STORED DATA section start

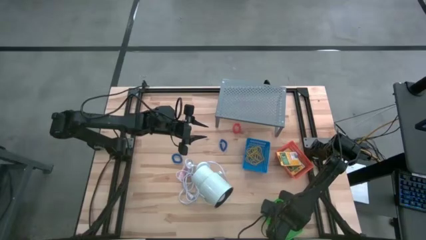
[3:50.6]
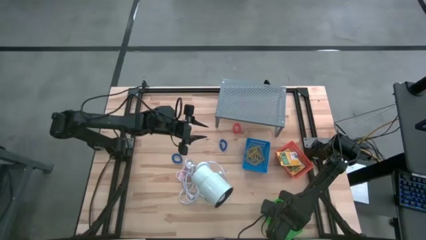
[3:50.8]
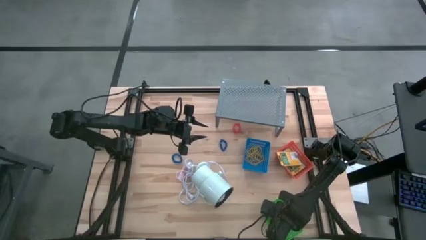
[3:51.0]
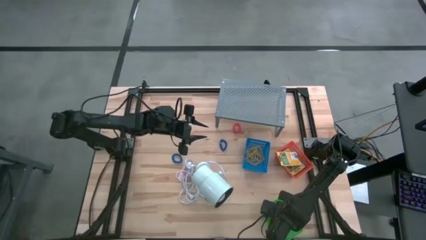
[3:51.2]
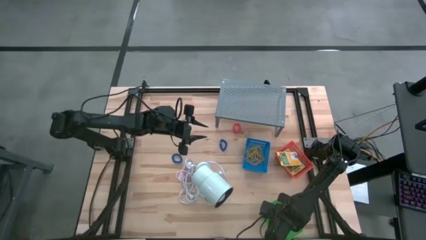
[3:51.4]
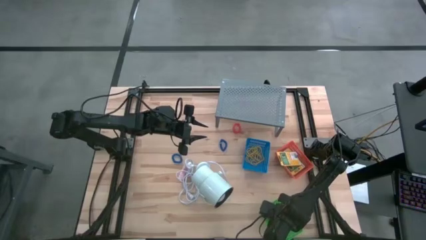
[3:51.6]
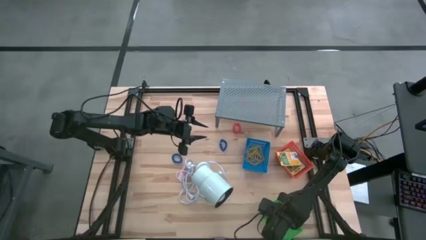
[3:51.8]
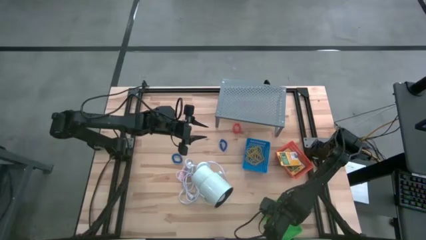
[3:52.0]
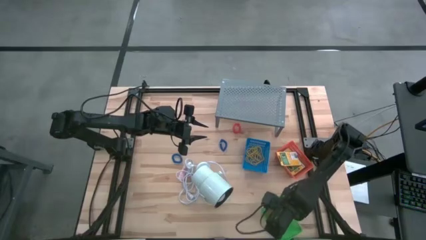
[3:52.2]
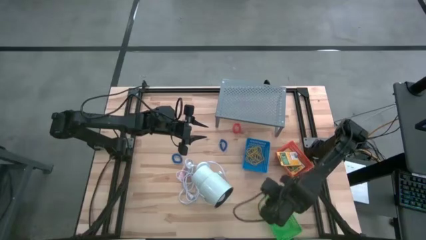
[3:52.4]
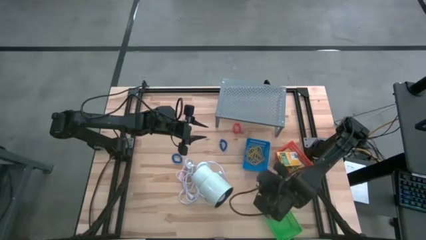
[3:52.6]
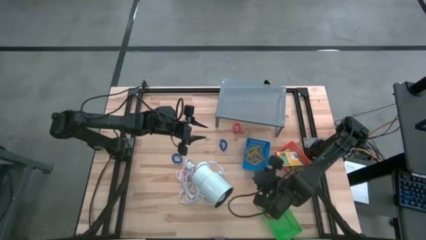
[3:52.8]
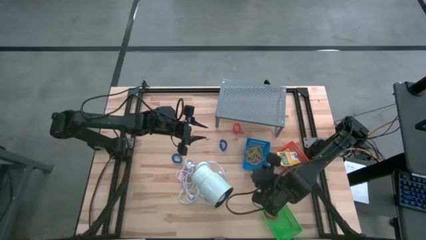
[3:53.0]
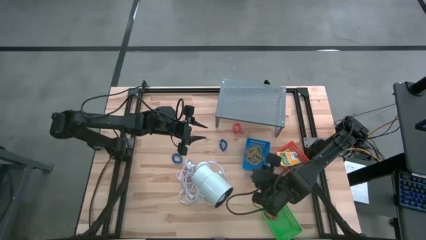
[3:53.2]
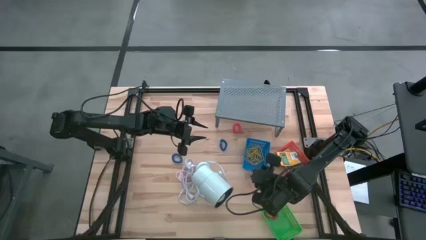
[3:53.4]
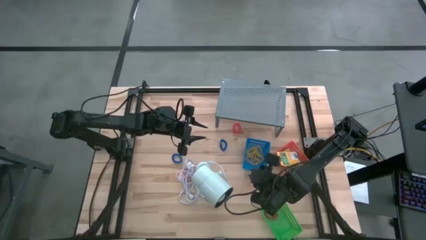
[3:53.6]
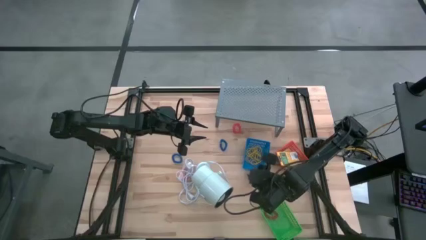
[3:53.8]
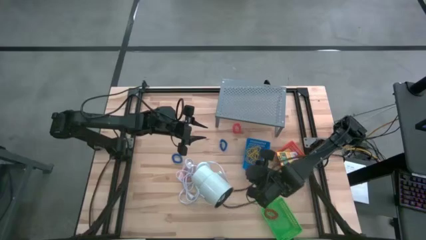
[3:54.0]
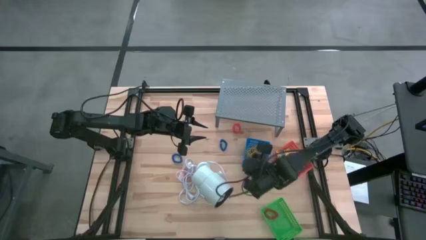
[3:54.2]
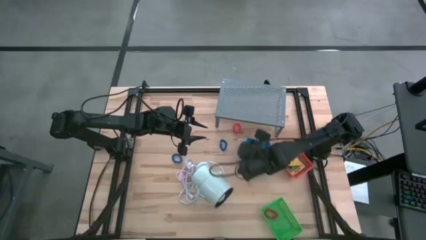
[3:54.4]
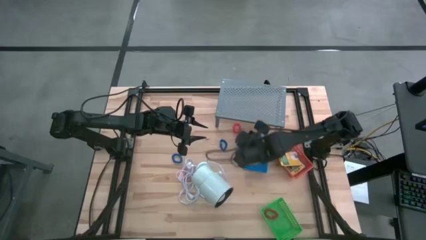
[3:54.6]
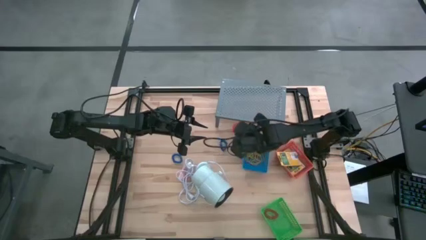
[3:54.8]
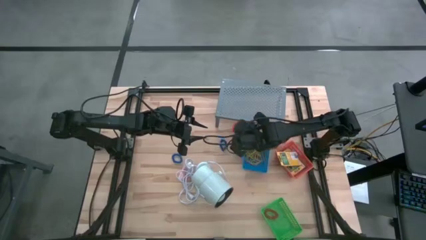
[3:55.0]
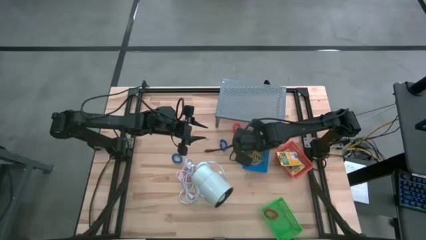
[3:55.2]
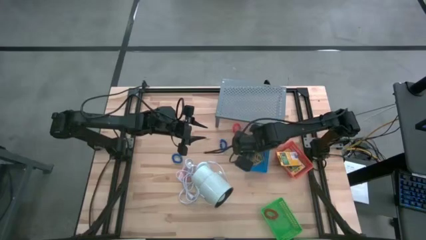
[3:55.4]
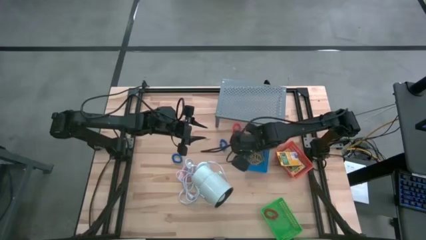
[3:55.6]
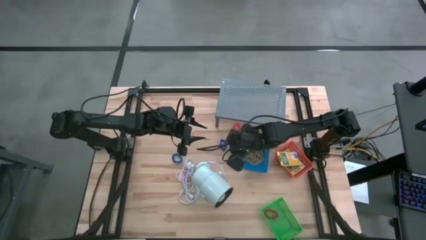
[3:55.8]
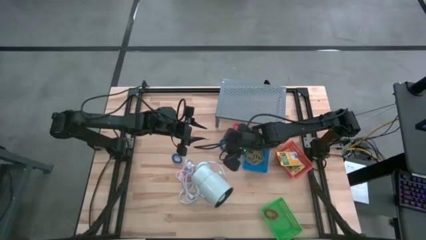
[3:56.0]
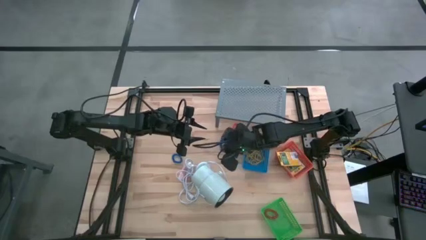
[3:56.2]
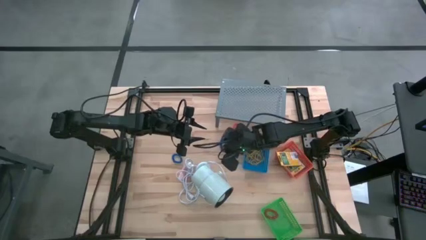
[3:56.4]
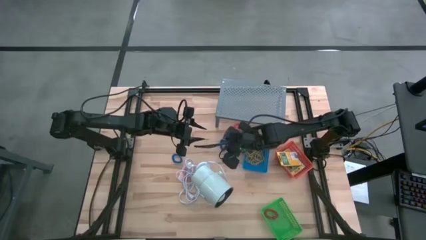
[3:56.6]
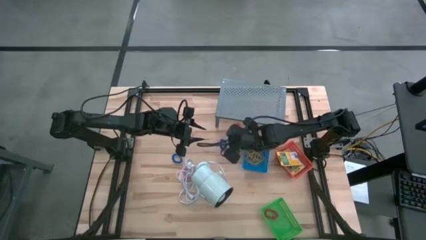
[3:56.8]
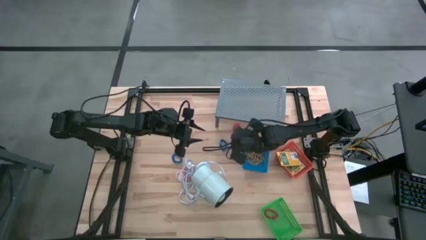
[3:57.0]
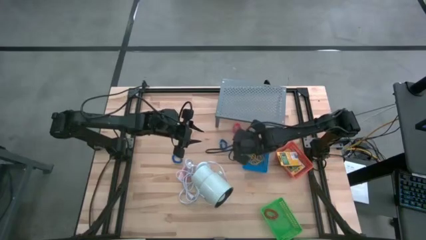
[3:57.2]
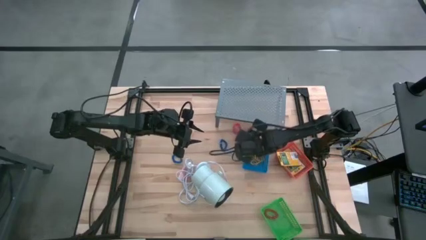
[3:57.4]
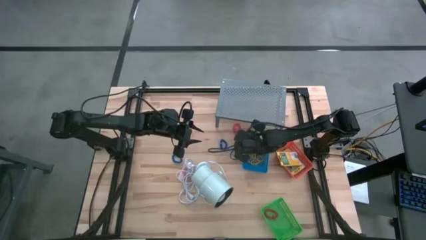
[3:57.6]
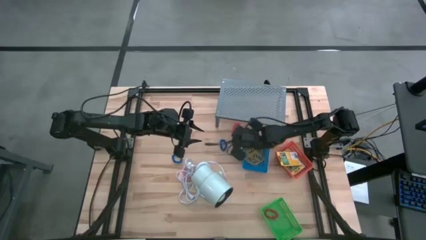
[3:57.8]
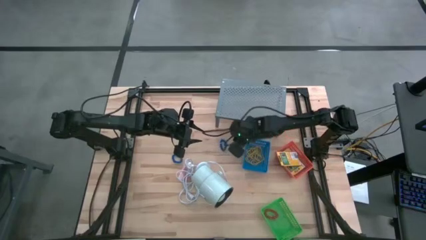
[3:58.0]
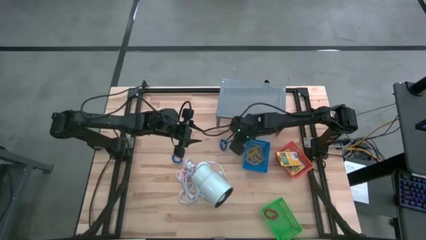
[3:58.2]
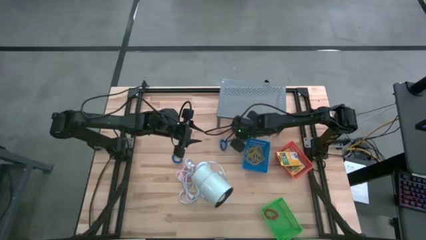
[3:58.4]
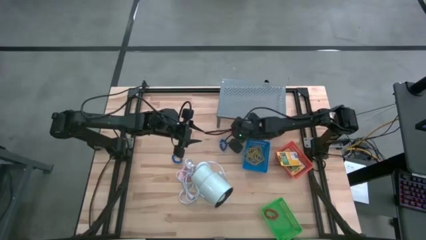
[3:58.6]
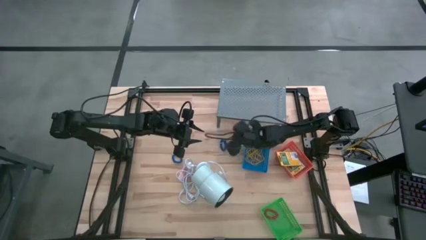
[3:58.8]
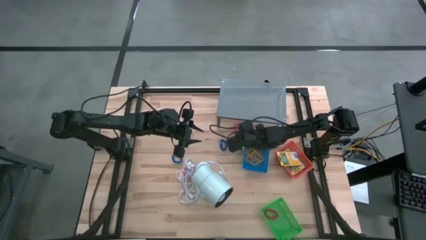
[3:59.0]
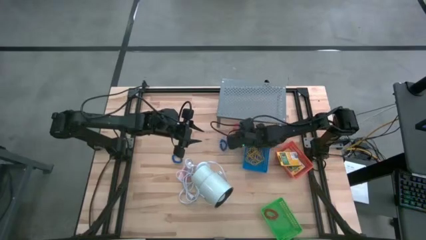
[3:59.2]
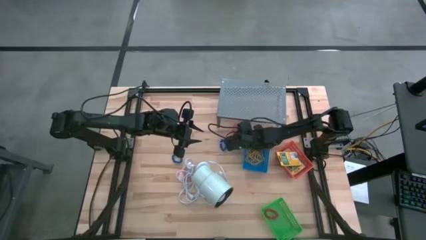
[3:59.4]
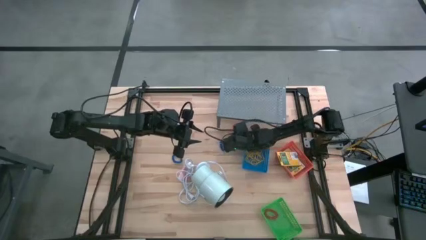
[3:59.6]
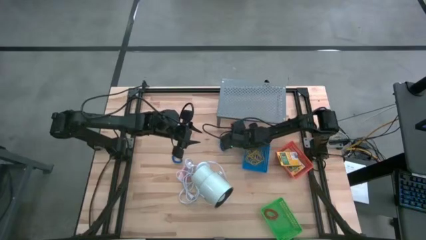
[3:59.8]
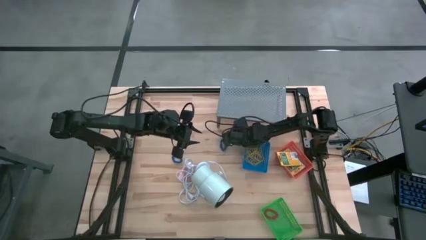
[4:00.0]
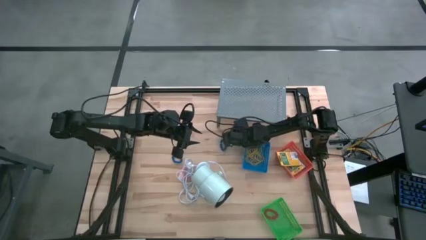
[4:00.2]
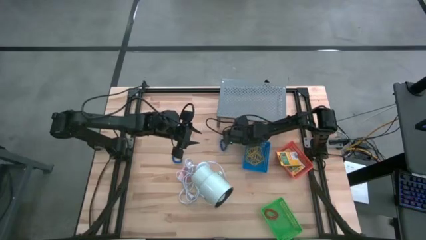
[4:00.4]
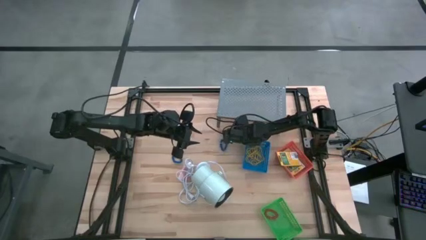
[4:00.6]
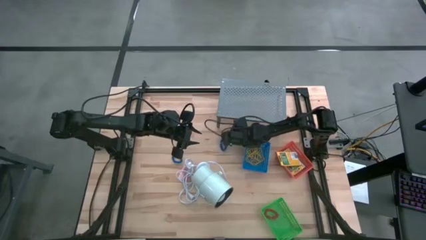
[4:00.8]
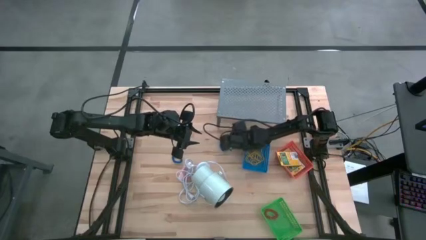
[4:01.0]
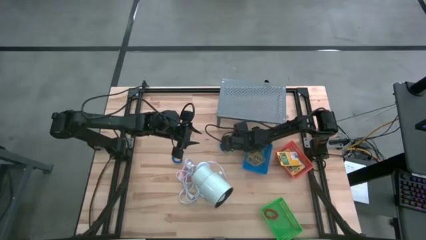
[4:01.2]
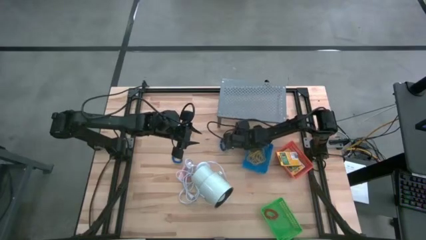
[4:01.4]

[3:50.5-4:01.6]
Task: Pick & Place Office Desk Supplies
Put the orange spring keychain into the green bin

STORED DATA section end

TASK DETAILS: Line by line and exactly, write out the material above. Skip the pictures.

TASK SOLUTION:
[3:50.6]
[3:50.8]
[3:51.0]
[3:51.2]
[3:51.4]
[3:51.6]
[3:51.8]
[3:52.0]
[3:52.2]
[3:52.4]
[3:52.6]
[3:52.8]
[3:53.0]
[3:53.2]
[3:53.4]
[3:53.6]
[3:53.8]
[3:54.0]
[3:54.2]
[3:54.4]
[3:54.6]
[3:54.8]
[3:55.0]
[3:55.2]
[3:55.4]
[3:55.6]
[3:55.8]
[3:56.0]
[3:56.2]
[3:56.4]
[3:56.6]
[3:56.8]
[3:57.0]
[3:57.2]
[3:57.4]
[3:57.6]
[3:57.8]
[3:58.0]
[3:58.2]
[3:58.4]
[3:58.6]
[3:58.8]
[3:59.0]
[3:59.2]
[3:59.4]
[3:59.6]
[3:59.8]
[4:00.0]
[4:00.2]
[4:00.4]
[4:00.6]
[4:00.8]
[4:01.0]
[4:01.2]
[4:01.4]

[3:50.5-4:01.6]
Task: Pick & Place Office Desk Supplies
Put the orange spring keychain into the green bin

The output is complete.